> [Data records]:
━━━

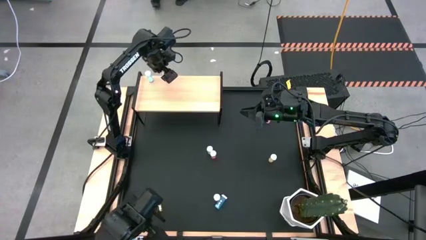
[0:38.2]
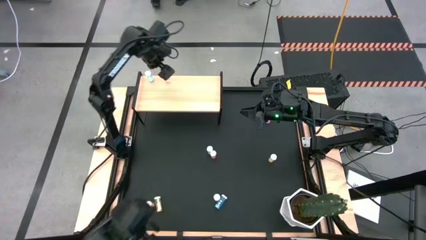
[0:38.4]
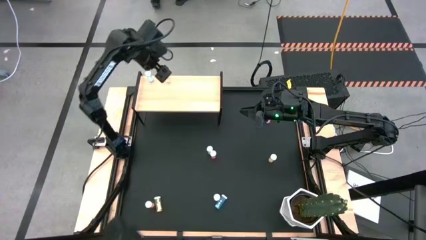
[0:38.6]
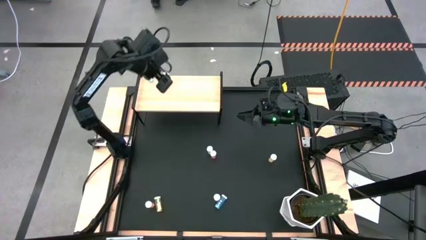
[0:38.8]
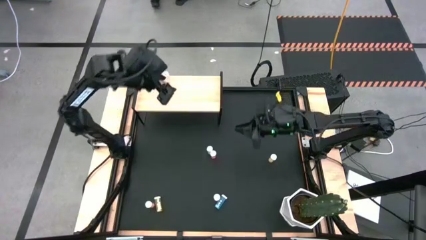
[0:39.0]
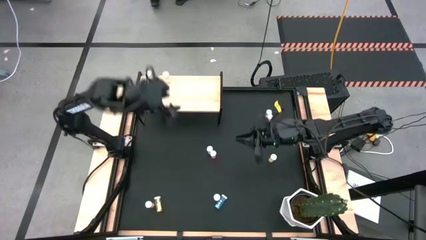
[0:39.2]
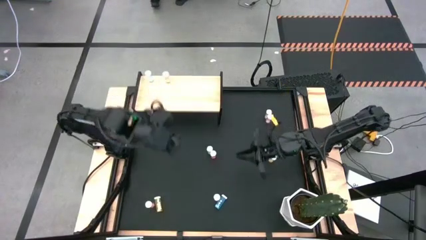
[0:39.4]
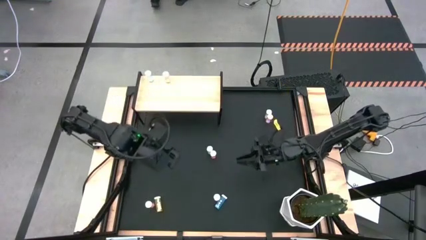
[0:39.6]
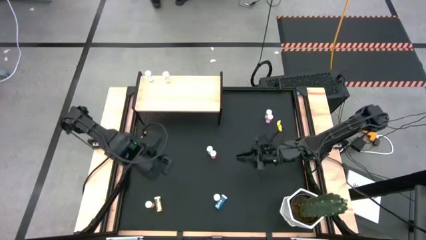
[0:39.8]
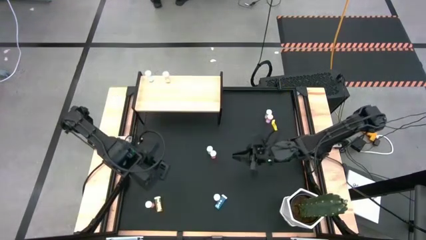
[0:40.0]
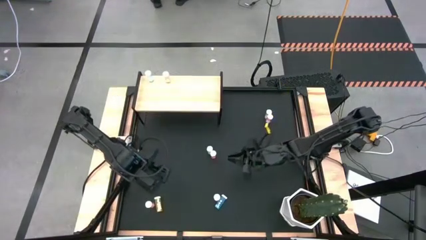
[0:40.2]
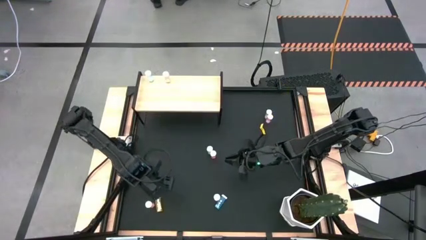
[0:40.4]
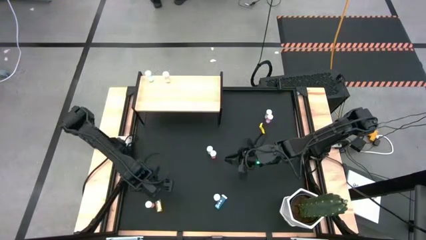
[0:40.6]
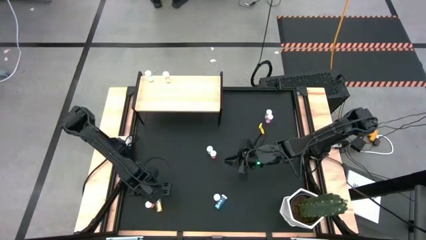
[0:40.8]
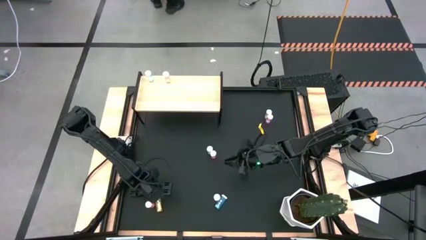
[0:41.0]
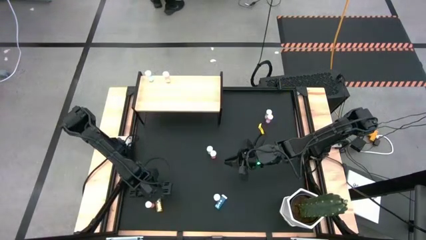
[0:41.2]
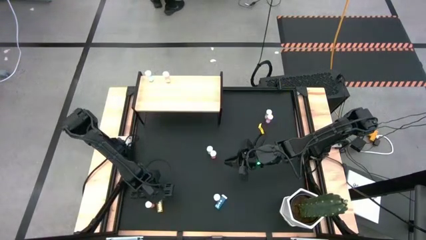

━━━

> [Work order]: Please return the whole listing exactly. Do not copy its images.

> [Written response]:
[0:38.2]
[0:38.4]
[0:38.6]
[0:38.8]
[0:39.0]
[0:39.2]
[0:39.4]
[0:39.6]
[0:39.8]
[0:40.0]
[0:40.2]
[0:40.4]
[0:40.6]
[0:40.8]
[0:41.0]
[0:41.2]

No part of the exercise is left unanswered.